WHAT YOU NEED TO DO:
Line count for "clipPath": state how many lines of the listing below contain it, without anything else.

RECORDS FOR THIS EXERCISE:
-=-=-

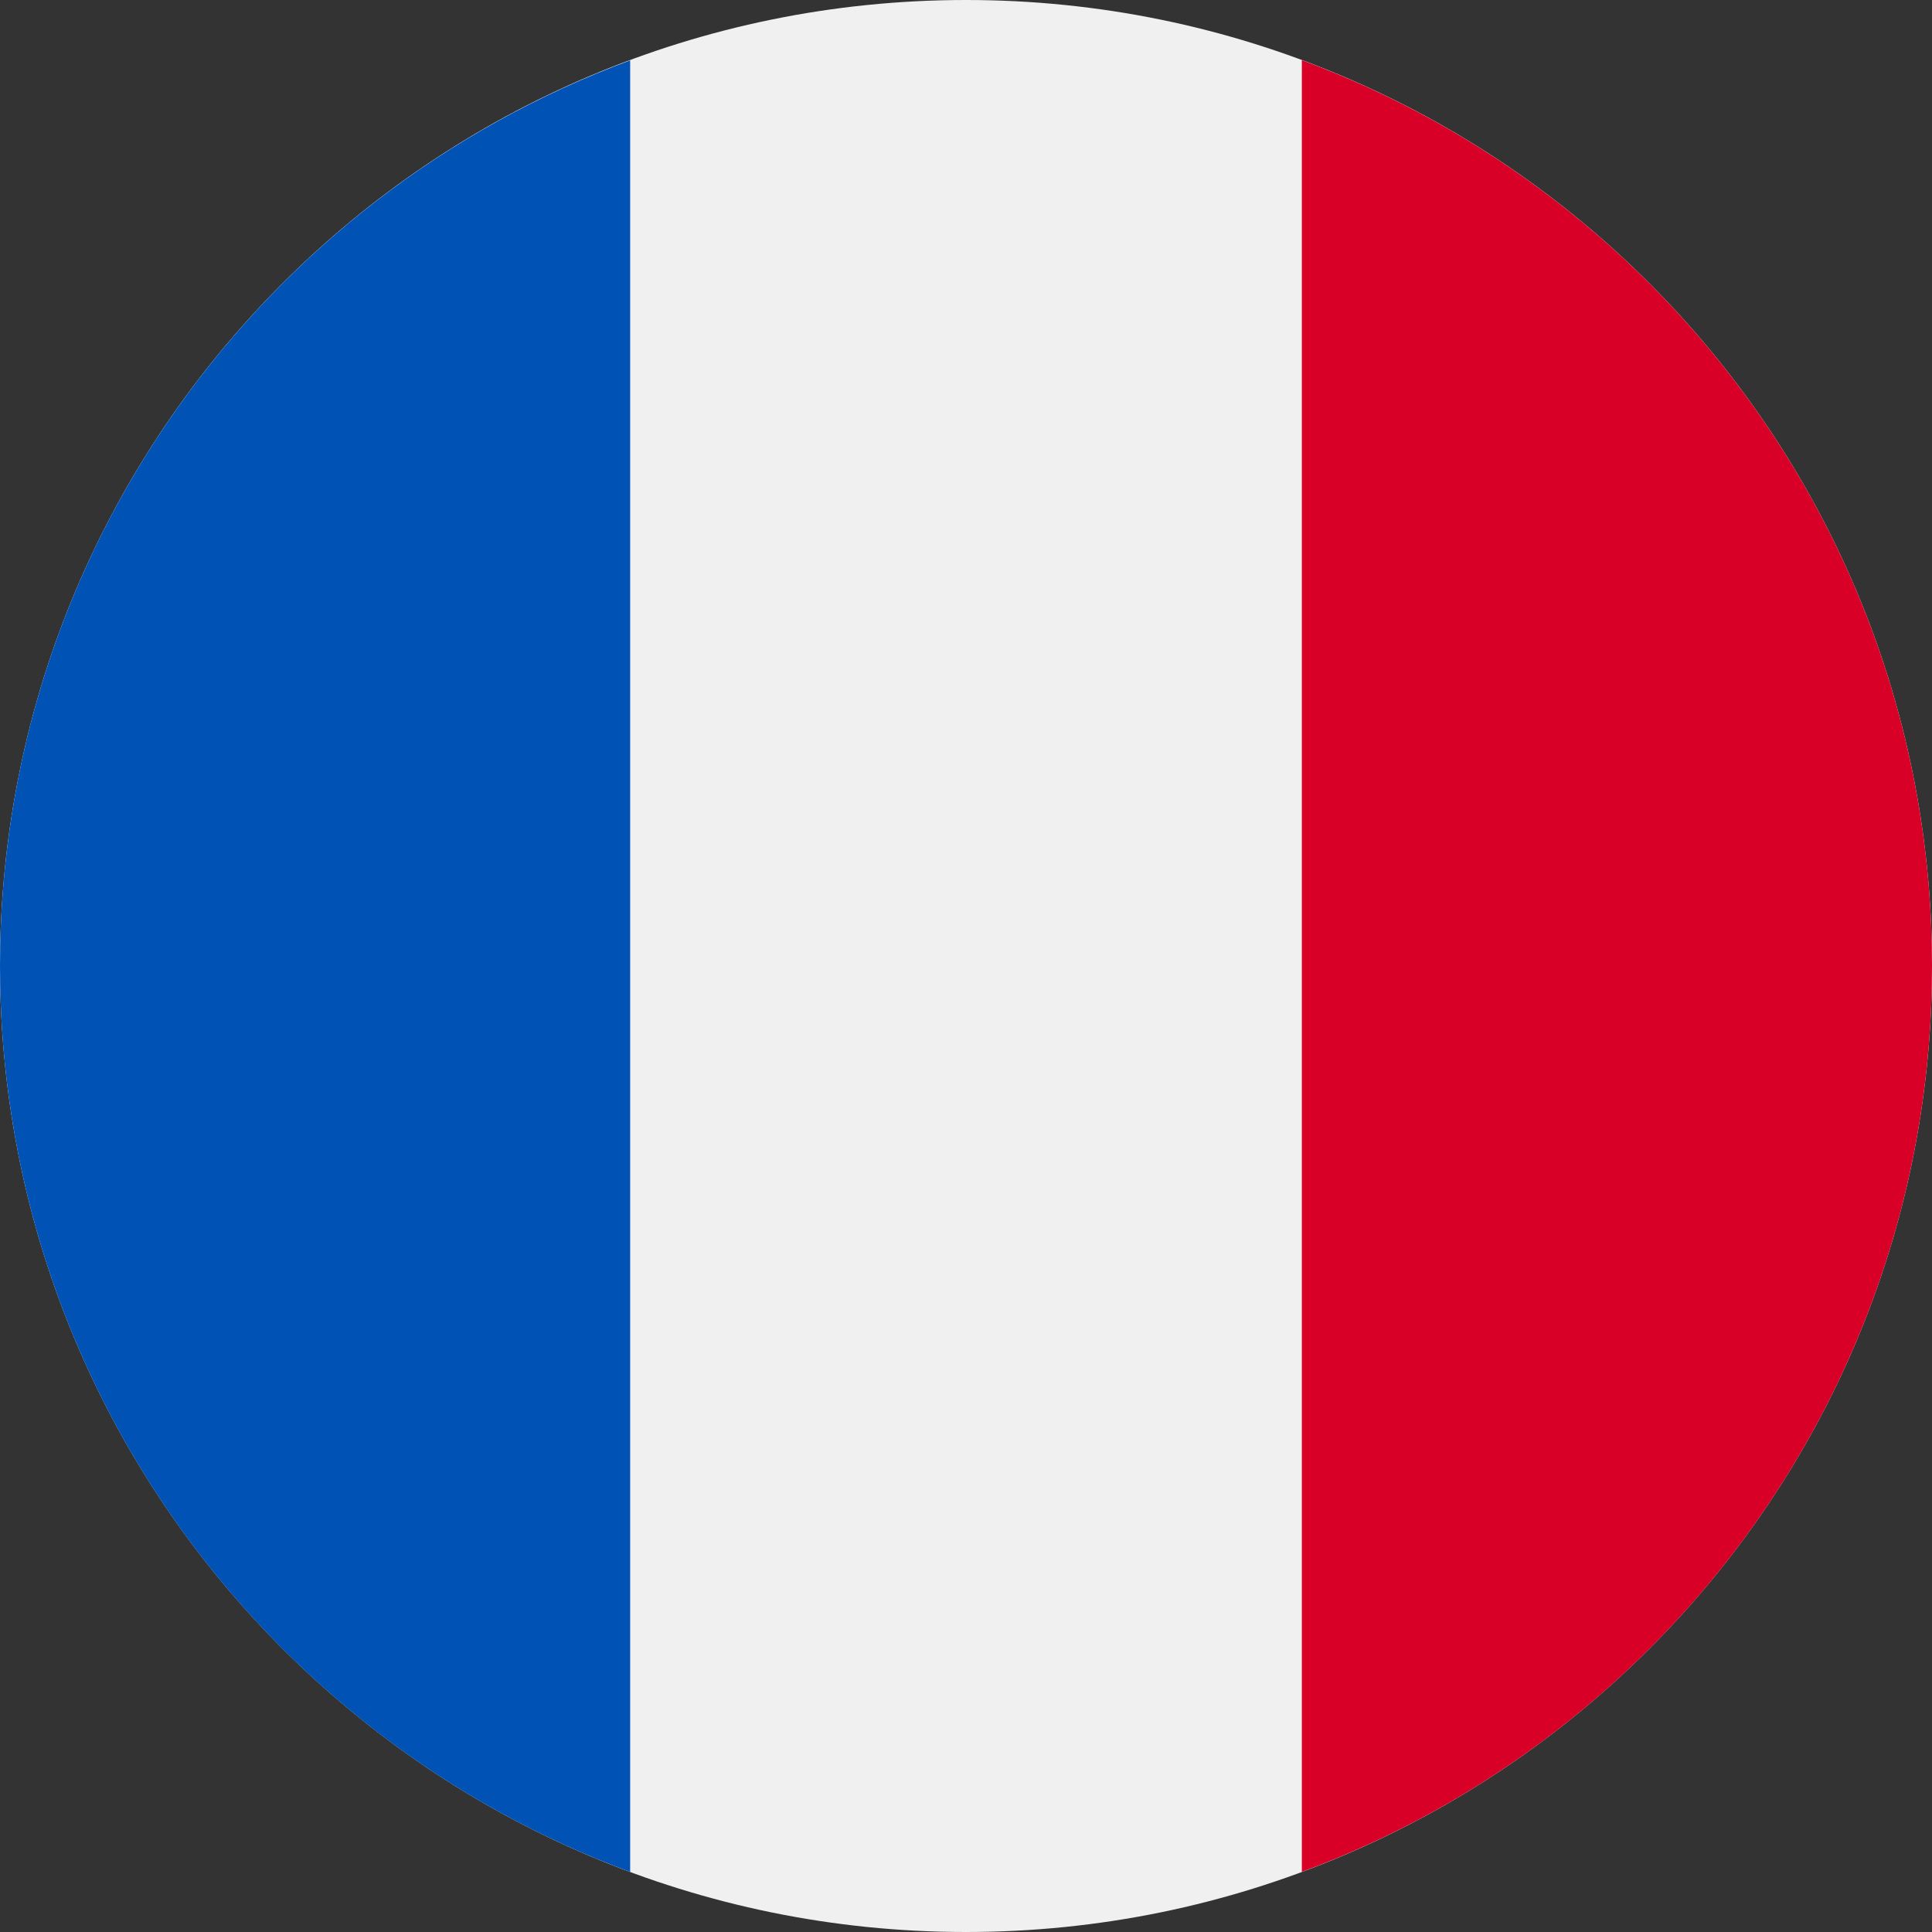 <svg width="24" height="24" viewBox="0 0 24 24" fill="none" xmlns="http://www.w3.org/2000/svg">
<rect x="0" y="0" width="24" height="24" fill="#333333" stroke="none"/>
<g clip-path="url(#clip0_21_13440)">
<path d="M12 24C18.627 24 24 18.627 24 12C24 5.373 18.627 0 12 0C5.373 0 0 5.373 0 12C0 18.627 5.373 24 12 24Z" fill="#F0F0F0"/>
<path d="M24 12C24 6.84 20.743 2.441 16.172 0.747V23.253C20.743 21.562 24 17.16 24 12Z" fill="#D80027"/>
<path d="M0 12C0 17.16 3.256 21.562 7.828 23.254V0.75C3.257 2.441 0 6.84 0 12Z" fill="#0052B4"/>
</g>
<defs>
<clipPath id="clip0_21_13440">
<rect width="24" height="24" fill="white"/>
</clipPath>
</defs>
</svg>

-=-=-

ANSWER FOR THE TASK:
2